The current entropy of the Universe is determined by the CMB photons. A rough estimate neglects the contribution of other particles, then one obtains \[s = 2\frac{2\pi ^2}{45}T_0^3.\] For $T_0 \approx 2.725K$ \[s \approx 1.5 \cdot 10^3 \, cm^{-3}.\]
Problem 7
Estimate the entropy of the observable part of the Universe.
Size of the observable part of the Universe is $l_{H0} \sim 10^{28} \mbox{\it cm}$ and therefore \[S = \frac{4\pi}{3}sl_{H0}^3 \sim 10^{88}.\]
Problem 7
Why is the expansion of the Universe described by the Friedman equations adiabatic?
It is because the heat flow is absent in the homogeneous and isotropic Universe.
Problem 8
Show that entropy is conserved during the expansion of the Universe described by the Friedman equations.
The first law of thermodynamics \[ dE + pdV = TdS \] can be transformed into the form \[ a^3 \left[\frac{d\rho}{dt} + 3H(\rho + p)\right] =T\frac{dS}{dt}.\] Then with the conservation equation \[\frac{d\rho}{dt} + 3H(\rho + p) = 0,\] which follows from the Friedmann equation, one obtains \[ \frac{dS}{dt} = 0 \Rightarrow S = const.\]
Problem 9
Show that the entropy density behaves as $s\propto a^{-3}$.
\[S = const \Rightarrow sV = const \Rightarrow sV_0 a^3 = const \Rightarrow sa^3 = const \Rightarrow s \propto a^{ - 3}.\]
Problem 10
Using only thermodynamical considerations, show that if the energy density of some component is $\rho=const$ than the state equation for that component reads $p=-\rho$.
By definition, \[ p = - \left( \frac{\partial E}{\partial V} \right)_S. \] If $\rho = const$, then \[\frac{\partial E}{\partial V} = \rho\Rightarrow p = - \rho.\]
Problem 11
Show that the product $aT$ is an approximate invariant in the Universe dominated by relativistic particles.
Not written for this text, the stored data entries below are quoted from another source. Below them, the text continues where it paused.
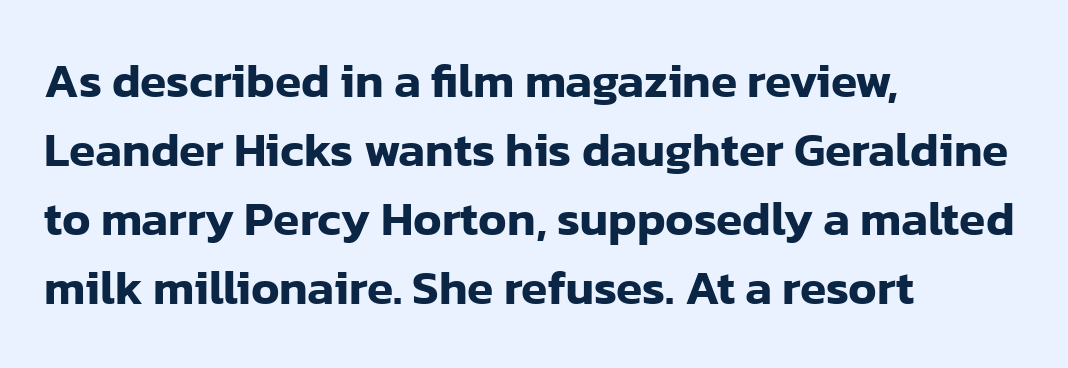
In CSS terms this would be text-align: left. Quick note: not italic, upright. In terms of letterform style, serifs are entirely absent. The foot of each line stays bare and open. Quick note: interline space is typical.
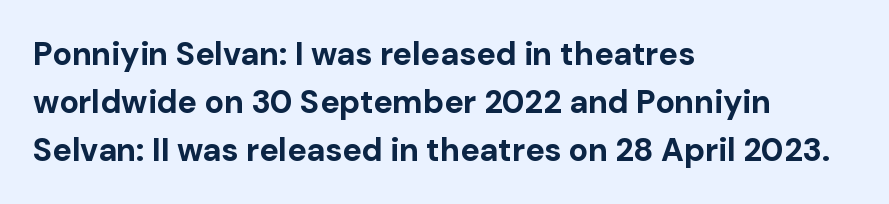
The image shows 32 px bold sans-serif type, upright; set left-aligned, normal line spacing (1.5x), normal letter spacing, not underlined; low stroke contrast and a medium x-height.
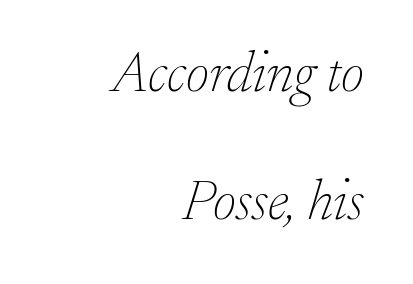
{"serif": "yes", "italic": "yes", "lean": "right", "slant_degrees": 17, "bold": "no", "weight": "thin", "width": "normal", "stroke_contrast": "low", "x_height": "small", "monospaced": "no", "underline": "no", "align": "right", "line_spacing": "loose", "line_spacing_ratio": 2.24, "letter_spacing": "normal", "letter_spacing_em": 0.0, "glyph_px": 57}
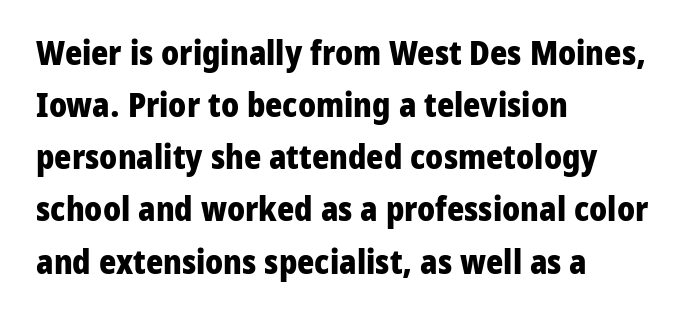
Upright lettering throughout. As a designer I'd log this as weight 700, bold. Descenders are the only things crossing below the line. What stands out about the letter spacing? Nothing — it is the standard amount. The setting favours the left margin, as ordinary paragraphs usually do. Note the varied advance widths — an 'i' is clearly narrower than an 'm'.
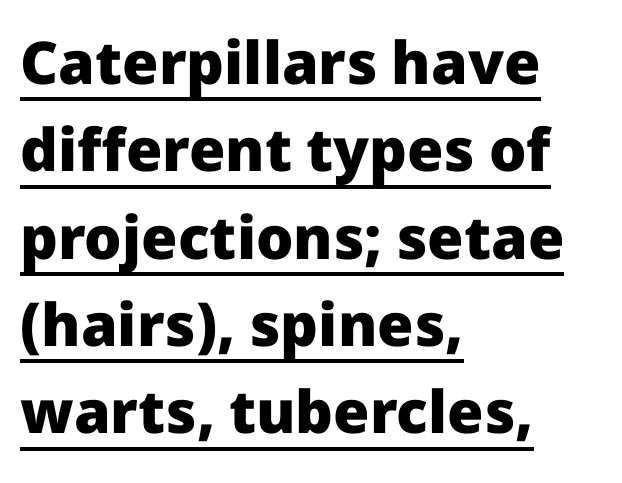
{"serif": "no", "italic": "no", "bold": "yes", "weight": "heavy", "width": "normal", "stroke_contrast": "low", "x_height": "medium", "monospaced": "no", "underline": "yes", "align": "left", "line_spacing": "normal", "line_spacing_ratio": 1.48, "letter_spacing": "normal", "letter_spacing_em": 0.0, "glyph_px": 59}

Consider a volume $V$, filled by photons and let it expands with the same rate as the whole Universe, i.e. $V \propto a^3 (t)$. For radiation $\rho = \alpha T^4 $, $p = \rho/3.$ The first law of thermodynamics applied to the expanding Universe with no heat flow reads \[ \frac{dE}{dt} = - p\frac{dV}{dt}. \] As $E = \rho V$, then \[ \frac{1}{T}\frac{dT}{dt} = - \frac{1}{3V}\frac{dV}{dt},\] or equivalently \[ \frac{d}{dt}(\ln T) = - \frac{d}{dt}(\ln a)\Rightarrow aT = const. \]